Marshall Pierce

I write software.

I like working with multi-disciplinary teams on difficult problems with "best tool for the job" technology. I've worked with a lot of different tech over the years, and I try to work with other experts whose strong points complement where I'm less experienced. If you've got that sort of problem, get in touch ↴.

You can contact me via email at (my first name @ this domain) or on Twitter. I like sharing my knowledge, so feel free to reach out if you have any questions. Also, every once in a while I write a blog.

Interests

Performance

Cache friendliness, SIMD, GPU, and all that. I'm especially interested in finding ways to build abstractions that provide ergonomic APIs for consumers without giving up the hard-won performance gains. A fast routine that forces consumers to, say, allocate memory each time is a missed opportunity.

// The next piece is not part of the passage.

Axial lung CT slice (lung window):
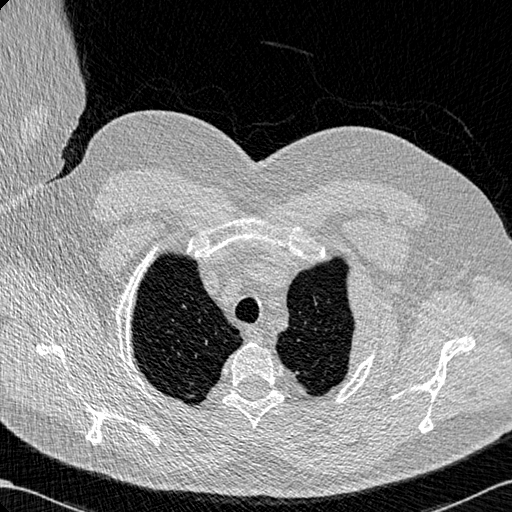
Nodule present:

Concurrency and parallelism

As an industry we seem to be fascinatingly bad at building concurrent systems that are both fast and correct. I think the languages Rust and Pony are taking interesting approaches for their respective domains, but it's not just a matter of picking the right language.

Machine learning and bioinformatics

These have pretty fascinating applications in the real world, and are also in need of better software. They might seem like totally separate fields, but from a software perspective, they're not as different as you might think. They're both answering questions with significant computational effort on very large volumes of data, ideally across many machines, and increasingly with the use of hardware acceleration (GPUs, TPUs, FPGAs, ...). The software landscape that domain experts have to choose from in these fields is still young, and to me it looks like it could benefit from some tidy, fast abstractions. (Also, machine learning is not so uncommon inside bioinformatics.)

Security and crypto

Double checking that input validation is done correctly is great, but addressing entire classes of bugs is better (e.g. replacing seemingly never-ending bug fountains like OpenSSL with safer equivalents), so I'm excited about projects like MesaLock and ring. I wouldn't call myself a cryptographer, but I know enough to be concerned when I feel the need to reach for a cryptographic primitive.

Distributed systems

All the problems and opportunities of concurrent systems, but with more hierarchies of cache and looser coherency.

Type systems

We're still just scratching the surface of how compilers can help us make maintainable systems. Halide is a pretty interesting example of better human/compiler communication, and in a very different way, so are languages like Idris.

WebAssembly

It's great for getting code running in a browser, but I'm even more optimistic about its utility as a sandboxing/plugin mechanism.

Privacy

This page, for instance, does not track you, and is served over HTTPS so your ISP can't inject content into it. I'm glad to see increasing consumer awareness of the importance of privacy.

Learning

I'm nearly always working on something new. I move between digging deeper in domains I'm fairly comfortable with, like moving from scalar performance tuning to x86 SIMD, and picking something totally different, like WebAssembly, or bare metal programming for microcontrollers.

Other stuff

I don't only write software.

Open source

• The Rust version of HdrHistogram. All too often, systems are measured via numbers with little practical utility (and debatable mathematical significance) like "mean latency". HdrHistogram is a useful data structure for building tools that banish such pseudo-metrics from your systems. It has a small, constant memory footprint with very fast updates, and a compact encoding you could build a whole metrics pipeline around.
• Rust Base64. The de-facto base64 implementation for the Rust ecosystem, and an opportunity to practice low level optimization. Do you need multiple GiB/s of base64? Maybe not yet...
• A parser for JVM hprof heap dumps. Created out of a need to efficiently process heap dumps that were too big for the existing heap dump analysis tools. A bit odd to write a tool for the JVM ecosystem in Rust, but it enabled some performance and memory footprint wins that are nice to have on billion-object heaps.
• Rust implementation of StreamVByte. StreamVByte is an approach to integer compression that is SIMD-friendly with a C reference implementation. The Rust implementation is a way to explore Rust's SIMD support as well as the ability to expose zero-cost abstractions. And, of course, if you need to read or write billions of ints per second, it can do that too.
• Metrics integration with Guice. Automates capturing Metrics data via Guice AOP.
• HdrHistogram-backed Reservoir for Metrics. The default reservoir types in Metrics have various shortcomings; this one uses HdrHistogram internally to provide fast, mathematically sound measurements.
• Integration between Jersey 2 and Metrics. A flexible way to capture Metrics performance data for your Jersey 2 services.
• Rust library for accessing the ELF auxiliary vector. libc arcana? Unsafe navigation of the process memory? This library has it all.
• Java URL builder. The URL building landscape in Java is at best uneven. This library does it correctly.